Eine kleine Unsicher-Box kann helfen. Begrenze sie jedoch und gib dir eine Deadline. Sonst entsteht nur ein neues Zwischenlager.

Schritt 5: Bring aussortierte Dinge aus dem Haus

Du hast drei Taschen aussortiert und stellst sie anschließend sechs Wochen in den Flur?

Dann hast du zwar entschieden – aber das Chaos ist noch nicht wirklich gegangen.

Das sehe ich in Haushalten sehr häufig. Die größte Hürde entsteht manchmal sogar nach dem Ausmisten.

Deshalb braucht auch das Loswerden einen Plan.

Was wird entsorgt, kann möglichst direkt gehen. Für Spenden setzt du dir einen konkreten Termin. Dinge zum Verkaufen bekommen ebenfalls eine Frist.

Wenn du beispielsweise nach zwei Wochen noch keine Fotos gemacht oder Anzeigen erstellt hast, brauchst du einen klaren Loslass-Fahrplan.

Aussortierte Dinge sollten möglichst schnell ihren Weg aus deiner Wohnung finden. Erst dann entsteht der Platz, den du beim Ausmisten eigentlich schaffen wolltest.

Schau dir gerne meinen GUIDE dazu an. Hier verrate ich dir meine Tricks und du wird die Sachen endlich los!

Mit welchem Raum sollte man beim Ausmisten anfangen?

Es gibt keinen Raum, mit dem jeder anfangen muss. Trotzdem gibt es Bereiche, die sich für den Einstieg besonders gut eignen.

Küche: Starte mit Vorratsdosen

Vorratsdosen sind ein dankbarer Startbereich, weil die Entscheidungen meist wenig emotional sind.

Dose ohne Deckel? Weg.
Deckel ohne passende Dose? Weg.
Kaputt oder stark verfärbt? Weg.

Du siehst meist innerhalb kurzer Zeit einen deutlichen Unterschied.
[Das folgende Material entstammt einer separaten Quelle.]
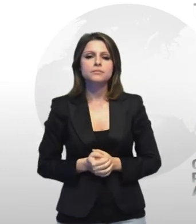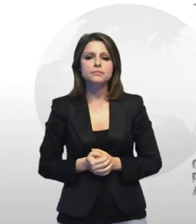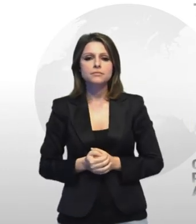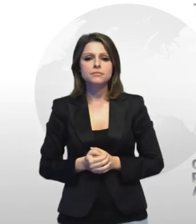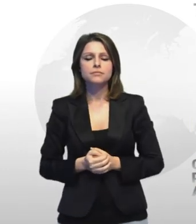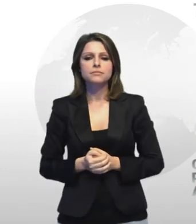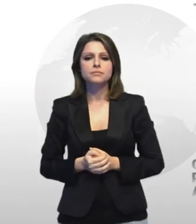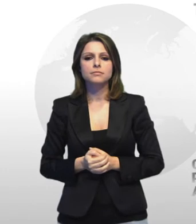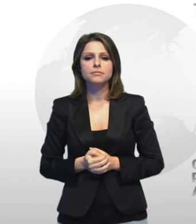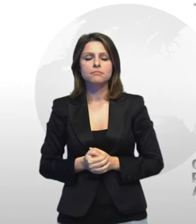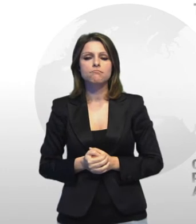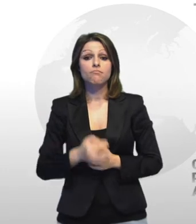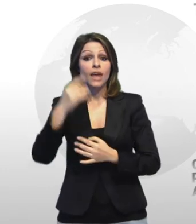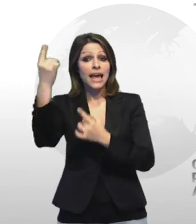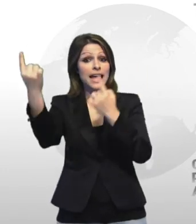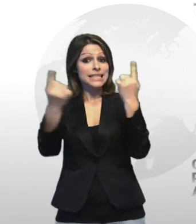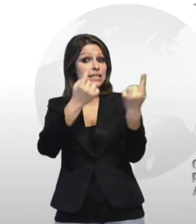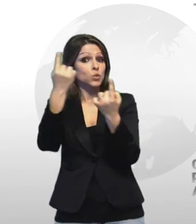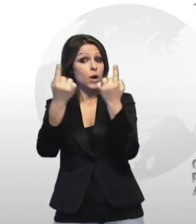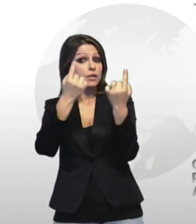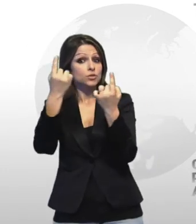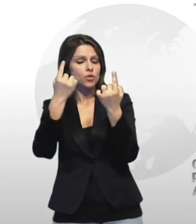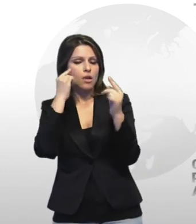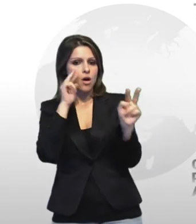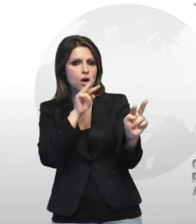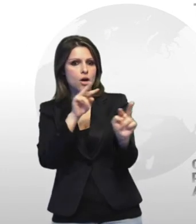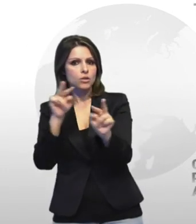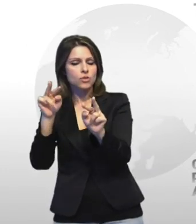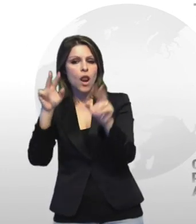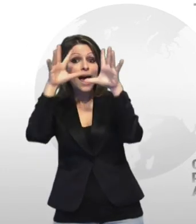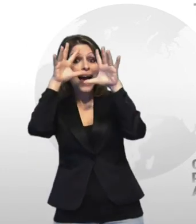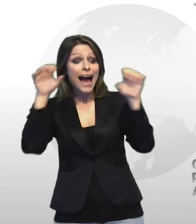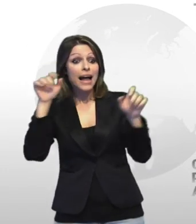e r a mantenere la situazione è sotto controllo in aiuto dei carabinieri sono

Flur: Schuhe und Jacken reduzieren

Der Flur beeinflusst deinen Alltag enorm, weil du mehrmals täglich durch ihn gehst.

Starte beispielsweise nur mit Schuhen. Was passt nicht mehr? Was ist kaputt? Was trägt niemand?

Danach kannst du dich beim nächsten Termin um Jacken kümmern.
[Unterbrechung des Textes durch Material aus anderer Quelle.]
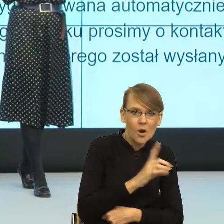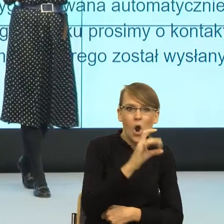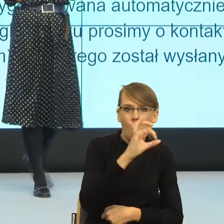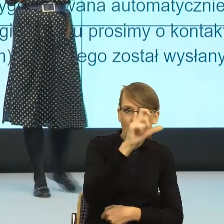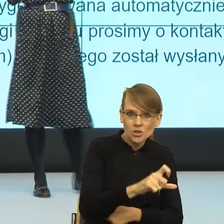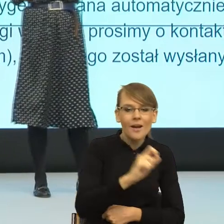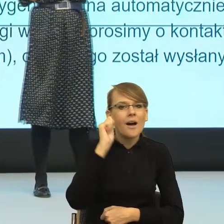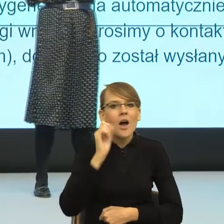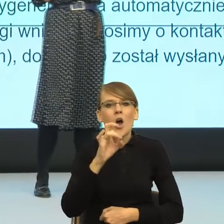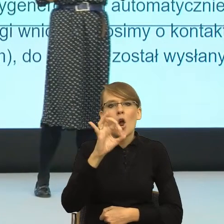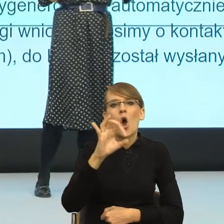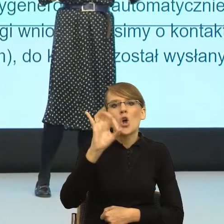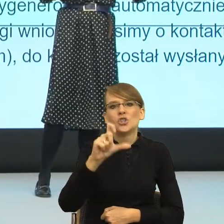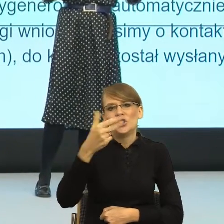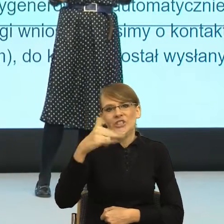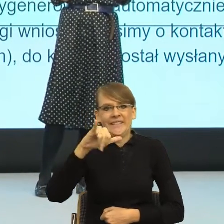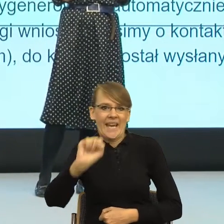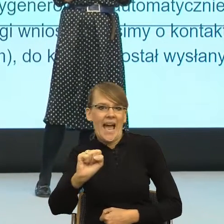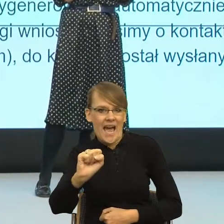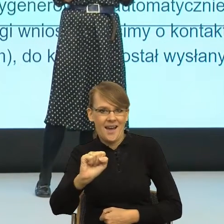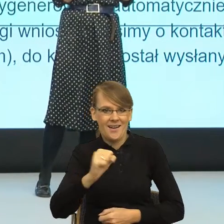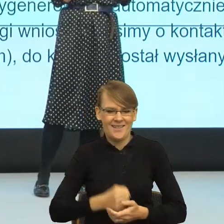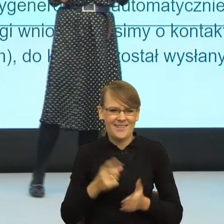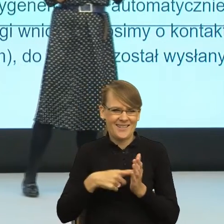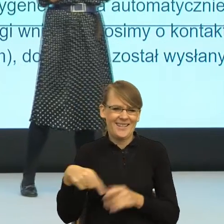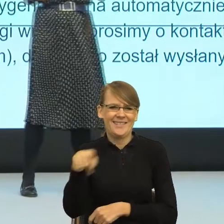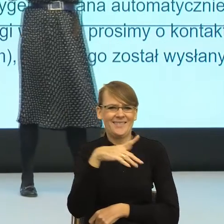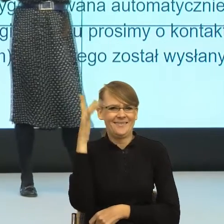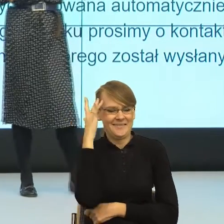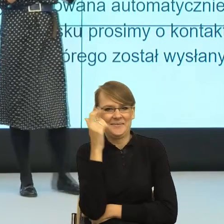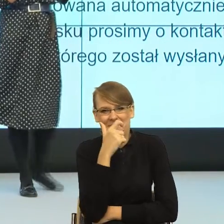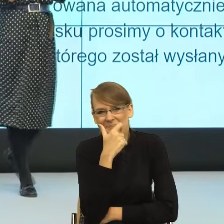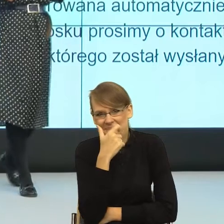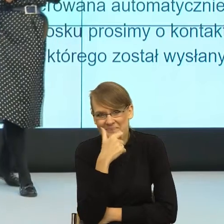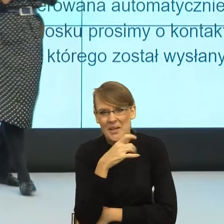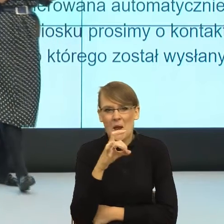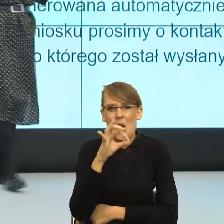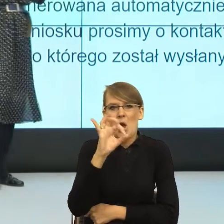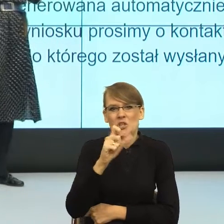ja od razu widzę taką dużą panią. Gościni. Nie ma innej

Wohnzimmer: Eine Spielzeug-Kategorie auswählen

Mit Kindern verteilt sich Spielzeug schnell im gesamten Wohnbereich.

Versuche trotzdem nicht, alles gleichzeitig auszumisten. Beginne zum Beispiel nur mit Puzzles, Büchern, Kuscheltieren oder Fahrzeugen.

Kleine Kategorien machen Entscheidungen auch für Kinder übersichtlicher.
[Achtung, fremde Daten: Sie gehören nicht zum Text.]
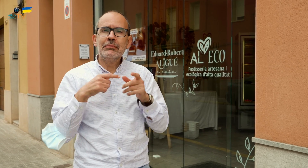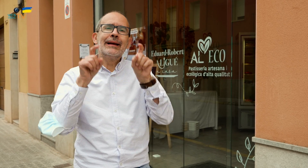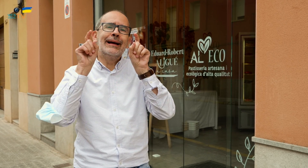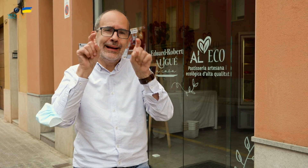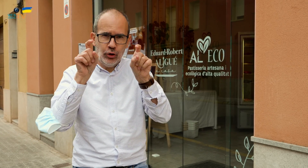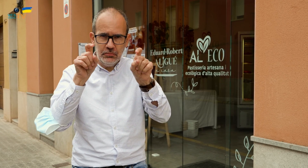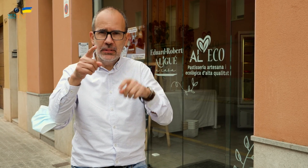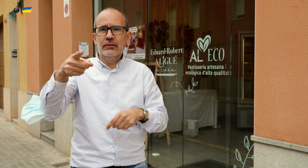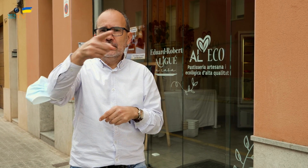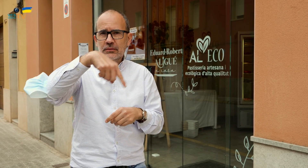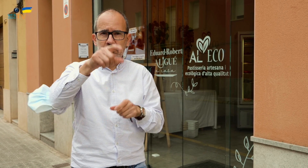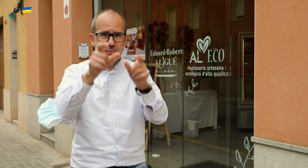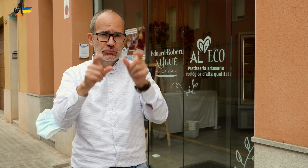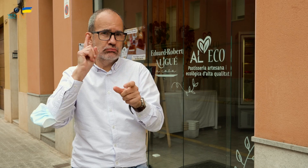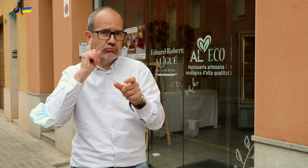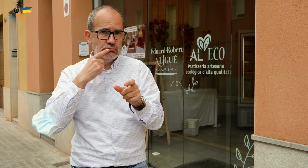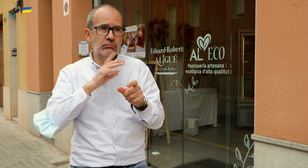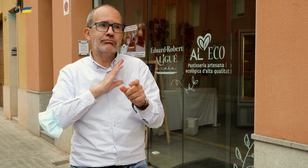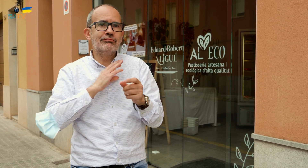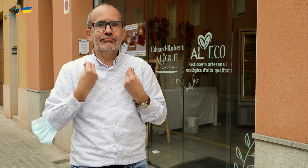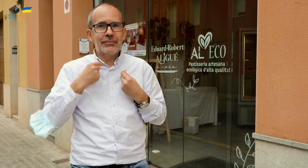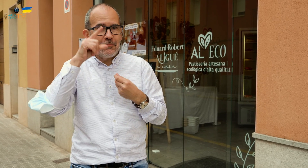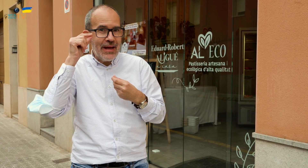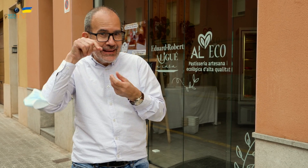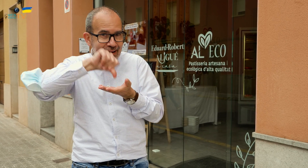lo recomiendo no solo a las personas sordas que viven en Manresa

Kleiderschrank: Nicht alles aufs Bett werfen

Wenn du ohnehin überfordert bist, würde ich deinen kompletten Kleiderschrank nicht auf einmal ausräumen.

Wähle eine Kategorie: T-Shirts oder Unterwäsche.

So kannst du aufhören, ohne anschließend vor einem Bett voller Kleidung zu stehen.

Badezimmer: Kosmetik und Pflegeprodukte

Auch Kosmetik eignet sich gut für einen ersten Ausmist-Erfolg.

Leere Verpackungen, alte Produkte, Fehlkäufe und Pflege, die du seit Monaten nicht benutzt, lassen sich häufig relativ schnell erkennen.

Dadurch entsteht Platz, ohne dass du gleich emotionale Erinnerungsstücke entscheiden musst.

Keller: Nicht unbedingt als Erstes

Der Keller wirkt zwar häufig wie der offensichtlichste Ort zum Ausmisten, ich empfehle ihn Anfängerinnen aber nicht unbedingt als Startpunkt.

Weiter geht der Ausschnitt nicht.